[GIVEN DATA — start]
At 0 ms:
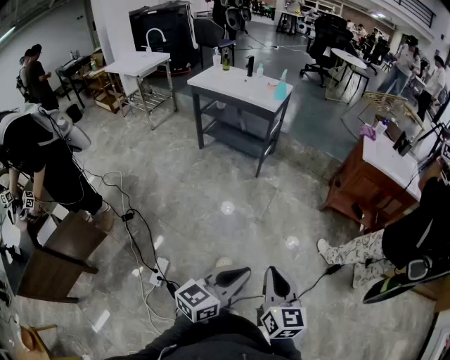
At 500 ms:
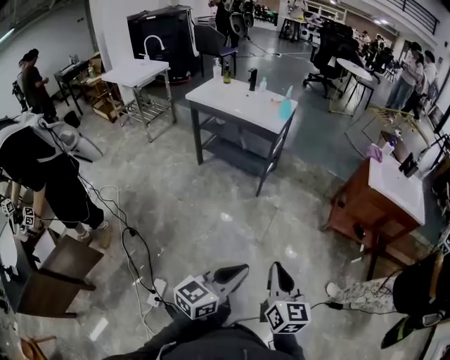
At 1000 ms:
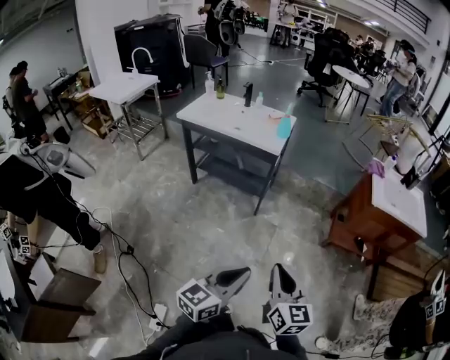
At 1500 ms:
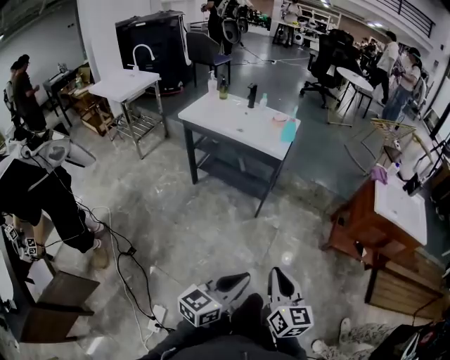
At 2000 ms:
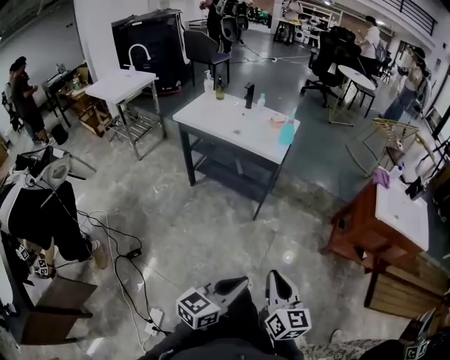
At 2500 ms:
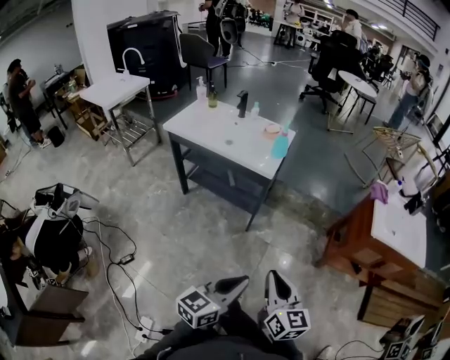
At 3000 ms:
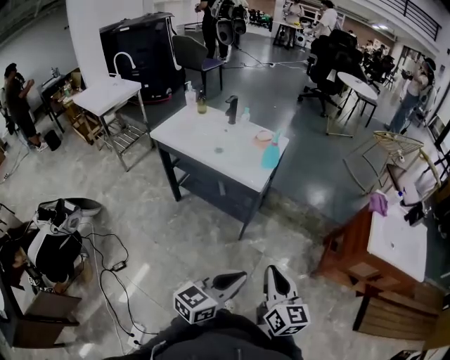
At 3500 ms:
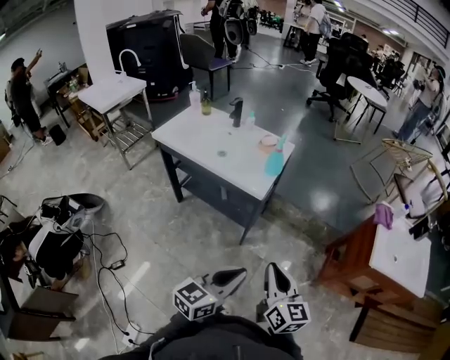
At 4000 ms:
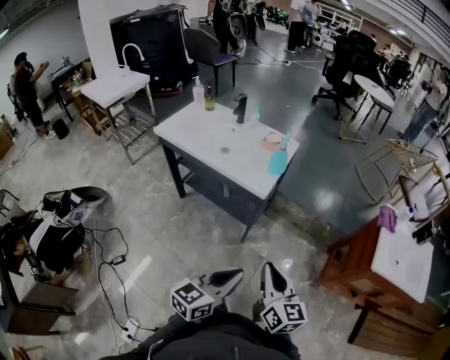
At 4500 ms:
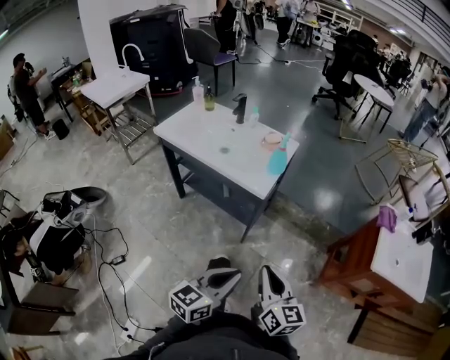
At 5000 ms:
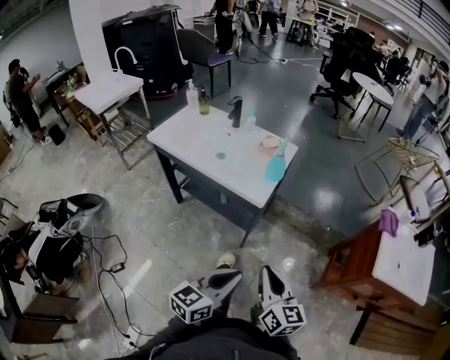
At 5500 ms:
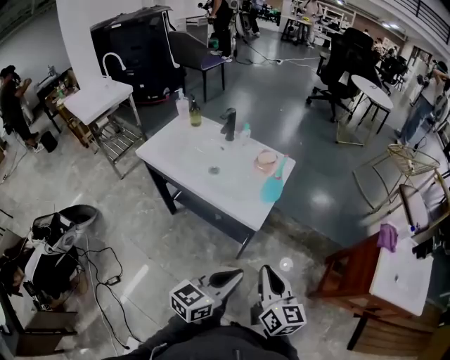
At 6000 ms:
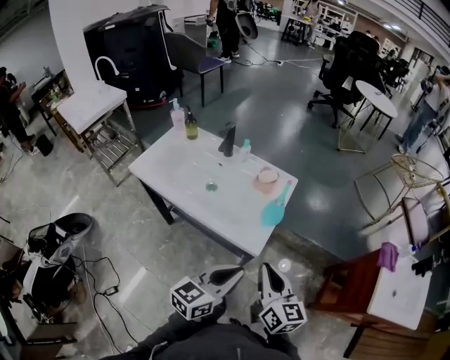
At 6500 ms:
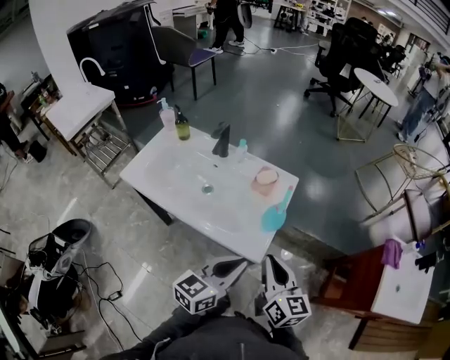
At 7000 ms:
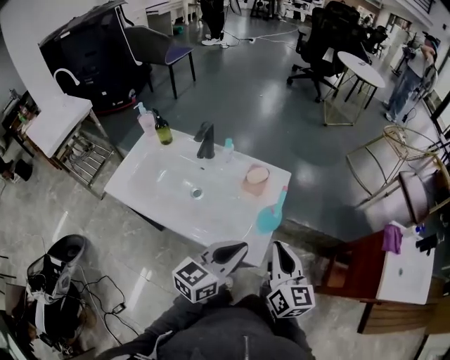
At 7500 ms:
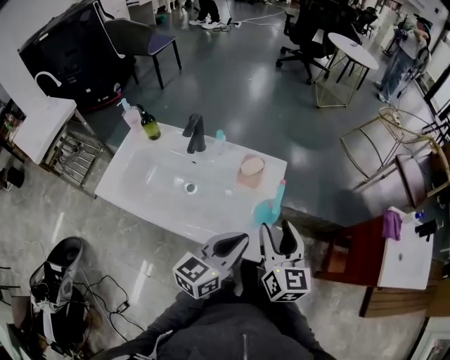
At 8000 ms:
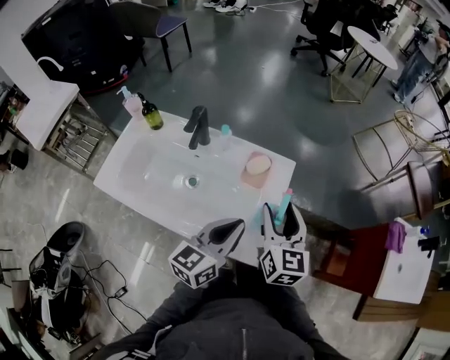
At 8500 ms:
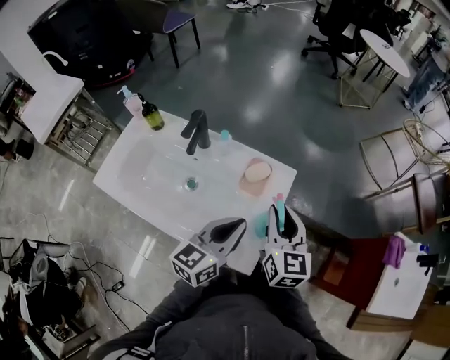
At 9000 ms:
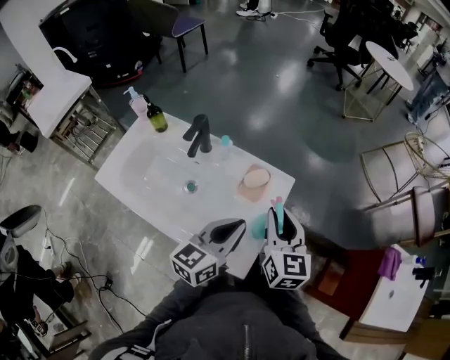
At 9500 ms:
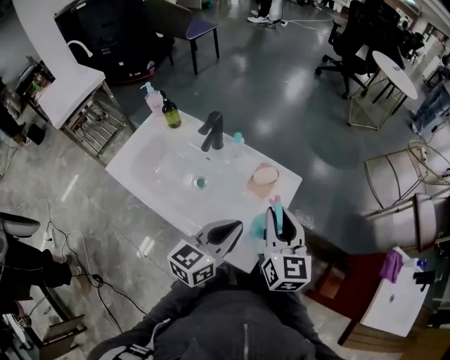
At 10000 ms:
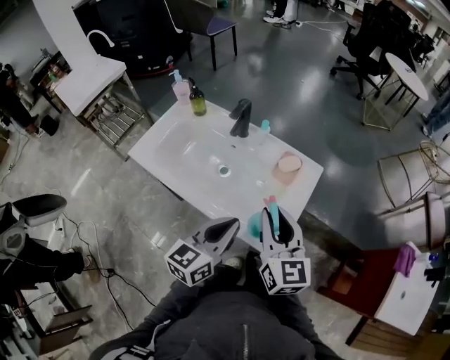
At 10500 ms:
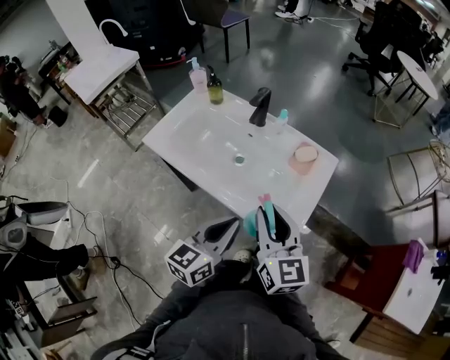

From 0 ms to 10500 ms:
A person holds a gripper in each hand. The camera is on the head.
From 0 ms to 2000 ms: The right gripper heads forward, covering approximately 35 cm, while the left gripper moves forward and to the left, some 35 cm.
From 2000 ms to 4000 ms: The grippers both shift forward by approximately 25 cm.
From 4000 ms to 6500 ms: The two grippers go roughly 30 cm forward.
From 6500 ms to 8500 ms: The grippers both shift forward by roughly 20 cm. The right gripper opens, then closes once more.
From 8500 ms to 10500 ms: Both grippers move backward and to the left, some 20 cm. The right gripper turns by roughly 20 degrees.

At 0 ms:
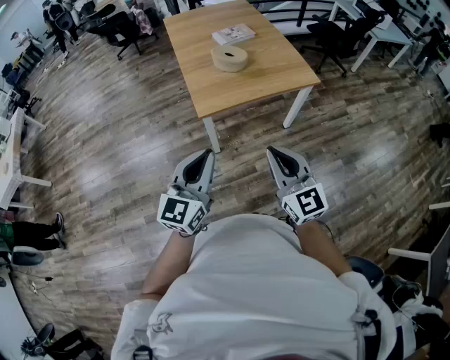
[GIVEN DATA — finish]
WHAT THE TASK ASKS: Each entry above should be returned exactly as written, minus its pictures.

TASK SOLUTION:
At 0 ms:
At 500 ms:
At 1000 ms:
At 1500 ms:
At 2000 ms:
At 2500 ms:
At 3000 ms:
At 3500 ms:
At 4000 ms:
At 4500 ms:
At 5000 ms:
At 5500 ms:
At 6000 ms:
At 6500 ms:
At 7000 ms:
At 7500 ms:
At 8000 ms:
At 8500 ms:
At 9000 ms:
At 9500 ms:
At 10000 ms:
At 10500 ms:

From 0 ms to 10500 ms:
A person holds a gripper in each hand. The camera is on the head.
From 0 ms to 2000 ms: The right gripper heads forward, covering approximately 35 cm, while the left gripper moves forward and to the left, some 35 cm.
From 2000 ms to 4000 ms: The grippers both shift forward by approximately 25 cm.
From 4000 ms to 6500 ms: The two grippers go roughly 30 cm forward.
From 6500 ms to 8500 ms: The grippers both shift forward by roughly 20 cm. The right gripper opens, then closes once more.
From 8500 ms to 10500 ms: Both grippers move backward and to the left, some 20 cm. The right gripper turns by roughly 20 degrees.

At 0 ms:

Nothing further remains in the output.